I've been at this feminism-in-comics theme since I was thirteen I discovered recently whilst looking through my old sketchpads. That's right, before it was cool. Are you getting the cyborg-aspergers metaphor yet? Also I didn't want to imply that asexuality = respect for women. That would have been truly terrible.



Didn't touch up this one very much because it wasn't finished and I wanted the pencil lines and roughness to be clear.
This turned out too Ghost-in-the-Shell for me, even though I did try to normalise her as a woman by making one of her boobs a little bit wonkier than the other.

This is blue and relatively untouched up because I was playing with the Curve option and then suddenly BLUE so it stayed.

 Naturally I didn't finish this page either (I was skimming over pages and then coming back to them when I felt ready to) and those blank rectangles are DVD cases that I was going to fill in with many other films that..just could have gone a much better way.

You, Me and Dupree alternative plotline.

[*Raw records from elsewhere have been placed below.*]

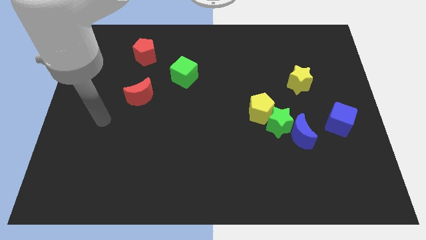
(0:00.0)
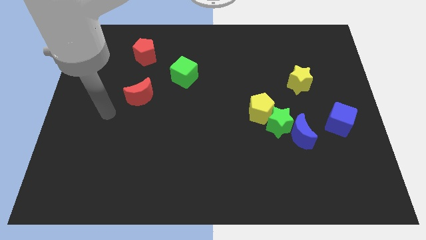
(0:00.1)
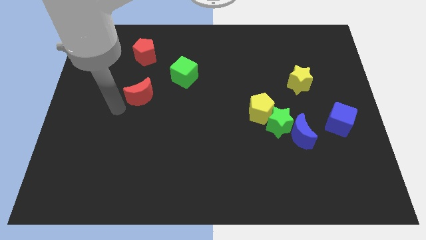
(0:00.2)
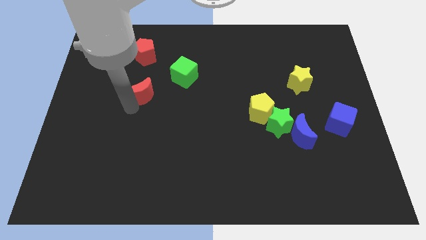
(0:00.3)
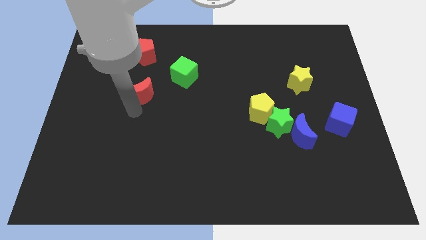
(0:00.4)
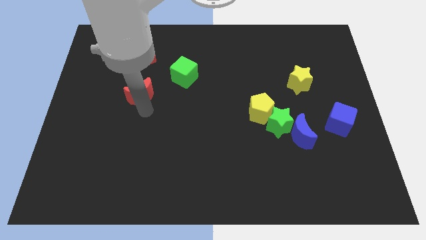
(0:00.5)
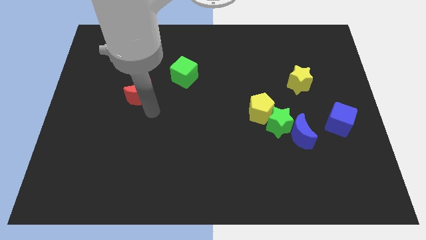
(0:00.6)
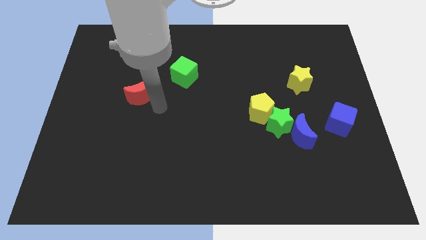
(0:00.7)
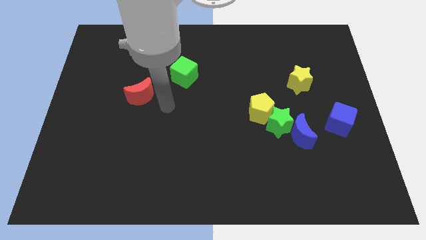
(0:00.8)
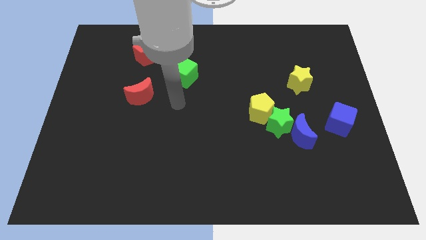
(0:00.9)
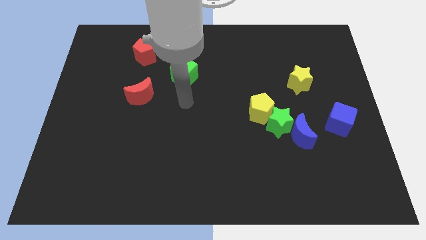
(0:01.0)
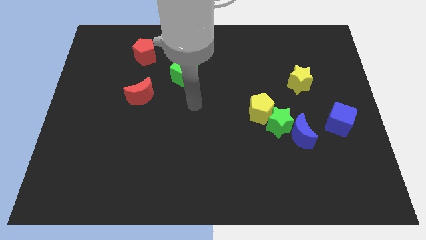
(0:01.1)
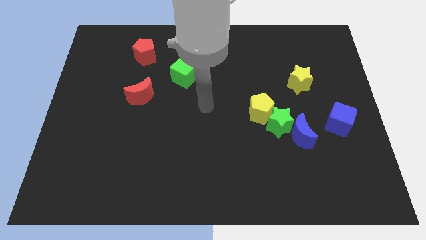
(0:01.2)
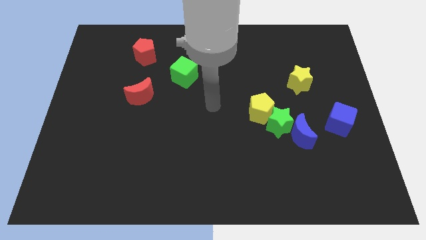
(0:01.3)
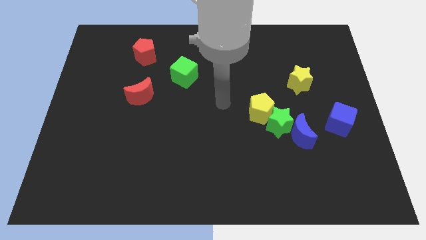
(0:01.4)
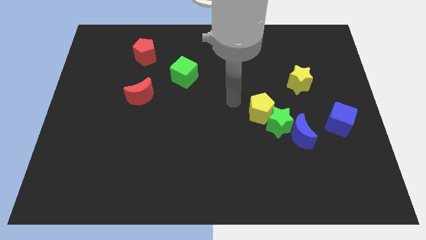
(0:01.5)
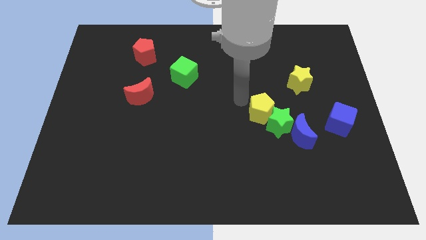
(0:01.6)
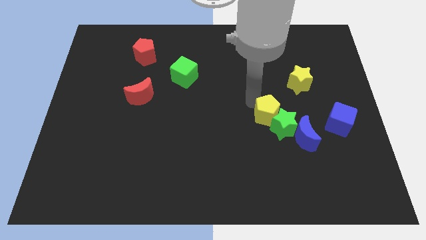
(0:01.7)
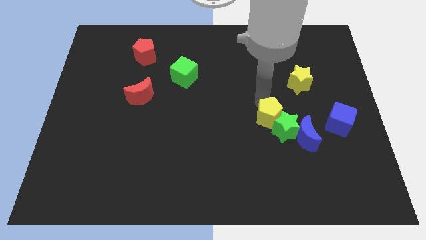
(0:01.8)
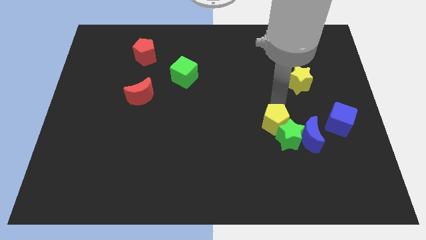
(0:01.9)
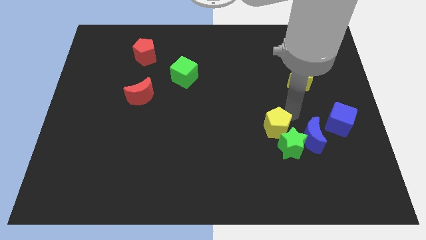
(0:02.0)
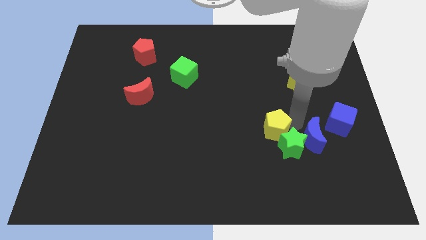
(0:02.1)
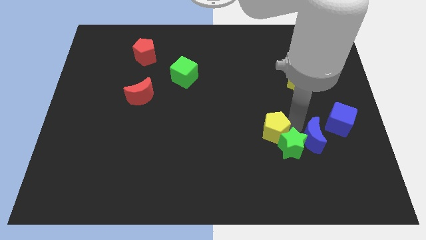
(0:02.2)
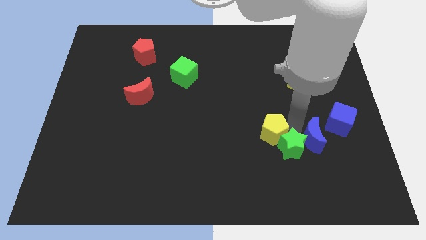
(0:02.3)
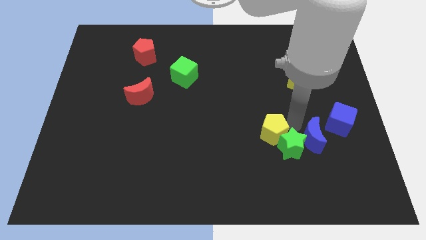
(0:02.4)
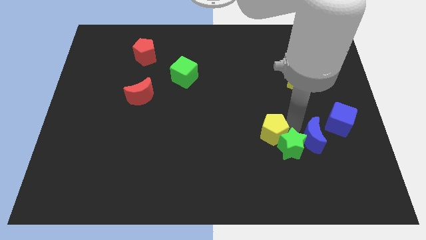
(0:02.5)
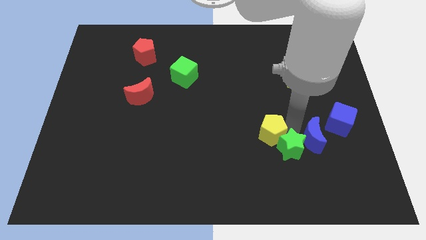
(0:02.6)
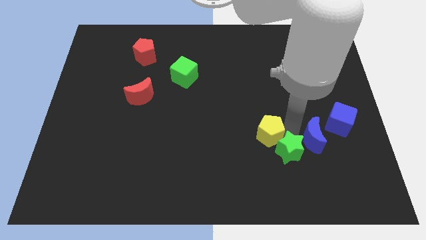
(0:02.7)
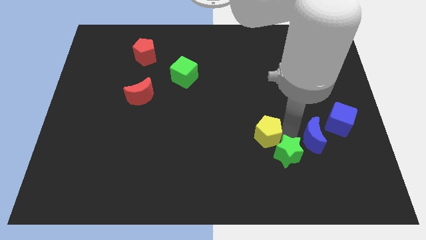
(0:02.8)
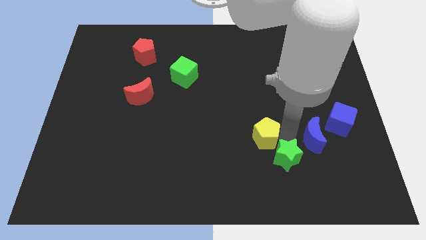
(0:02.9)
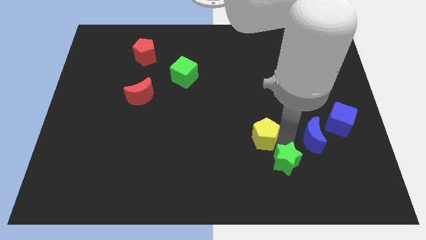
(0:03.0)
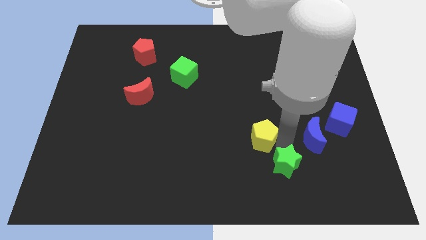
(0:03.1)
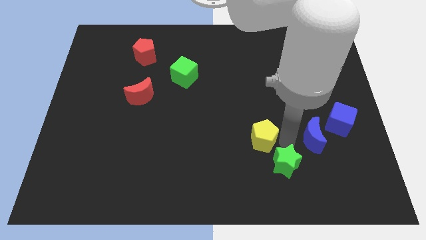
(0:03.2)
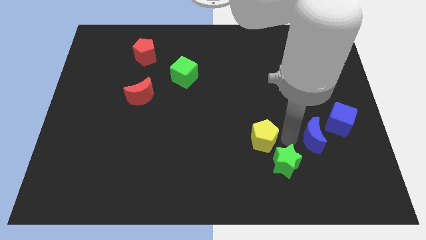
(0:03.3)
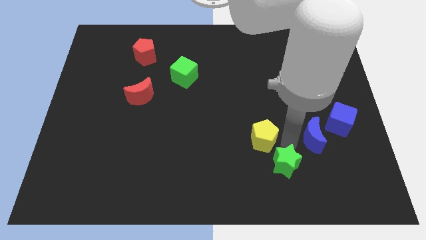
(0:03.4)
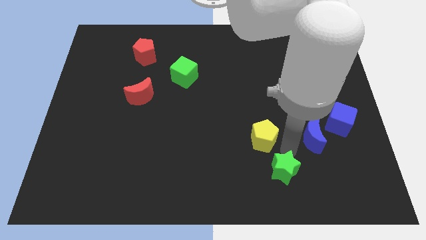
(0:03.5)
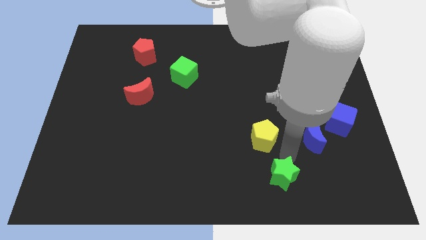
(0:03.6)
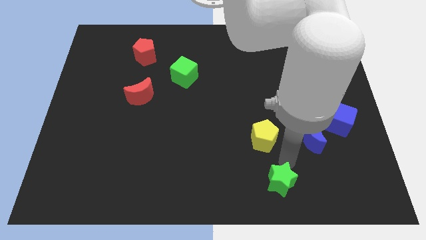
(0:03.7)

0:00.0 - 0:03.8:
pull the green star apart from the blue moon and yellow pentagon

How I really wished it went.

You, Me and Dupree was a fascinating film for it's lessons on Hollywood's How-To-Write-A-Popular-Comedy inventory sheets and the lowest current demoniator masculinity issues of the beginning of the 21st century. It will be studied in history and sociology classes in the future. Well, so I see it.

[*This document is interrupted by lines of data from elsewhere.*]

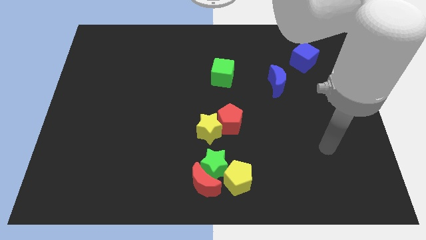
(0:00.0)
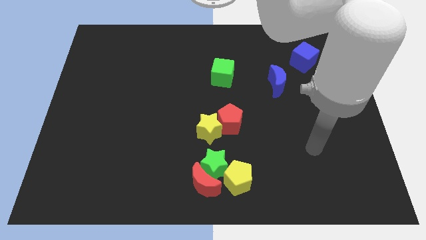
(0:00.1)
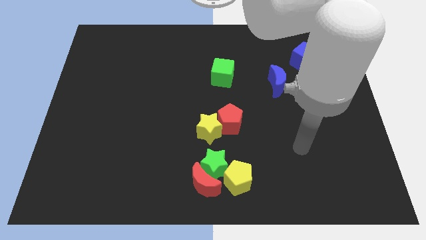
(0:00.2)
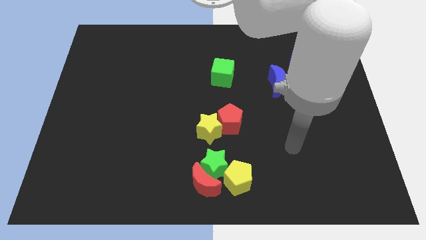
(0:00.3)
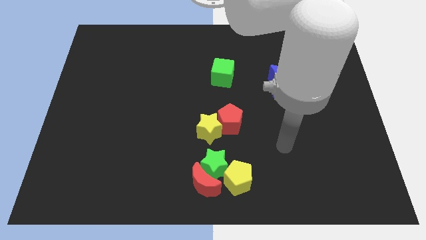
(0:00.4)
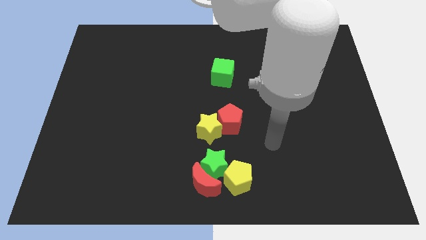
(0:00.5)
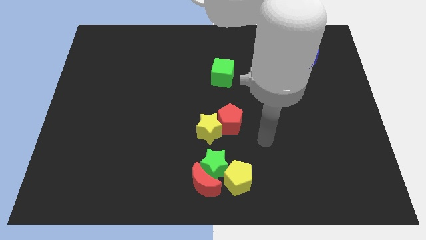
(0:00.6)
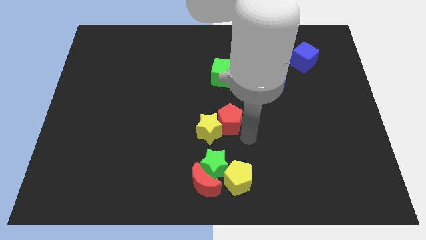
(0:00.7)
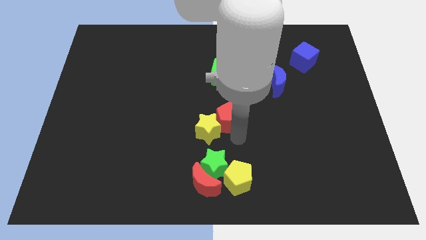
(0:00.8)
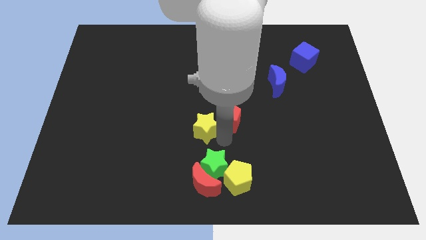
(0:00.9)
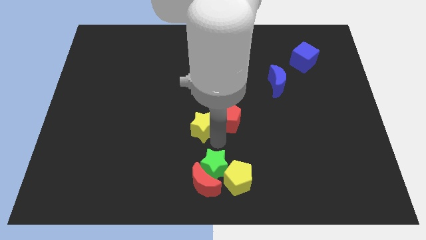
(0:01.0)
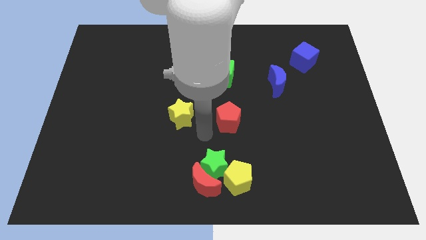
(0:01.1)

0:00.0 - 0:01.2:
separate the red pentagon from the yellow star

I also had ideas prepared for King Kong (shudder), Inglorious Basterds (at the request of another 24hour comic-er) and X-Men 3 (shudder again). This was the closest I came to finishing one.


Ed Wood as the Dickens-esque Ghost of Artist Integrity
I fucking love Ed Wood. He was the perfect character who could provide a breach from reality to the surreal and fantasy in this comic, as Jack Temple travels through time and space to make all the movies he hates not crap. Also yes I am implying that aspies have super powers, because they do :)

The Elemental Causes that kill Artist Integrity in the movies.

Seeing as the Phantom Tollbooth made me, I like to turn abstract concepts that effect personality and happiness into cartoony manifestations. Here are the 4 (I had yet to draw number three) causes of all films going to crap, in my opinion. The conflict here is that all of these causes are traits that aspergers as a syndrome fight against every day -> being aspergers means that you often don't understand a lot of jokes and sarcasm or take everything very literally, constant distraction and often ADD are part of everyday life, and aspies can be super naive and fall trap to manipulation easily (which they also often can't understand or fathom).


This idea definitely got a bit too heavy for the method I chose to deal with it. And too dense. But I would LOVE to make this idea my first definitive comic project. A comic dealing with aspergers primarily, and with surreal and fantasy elements, and the often sexist, racist, classist agenda in popular film culture.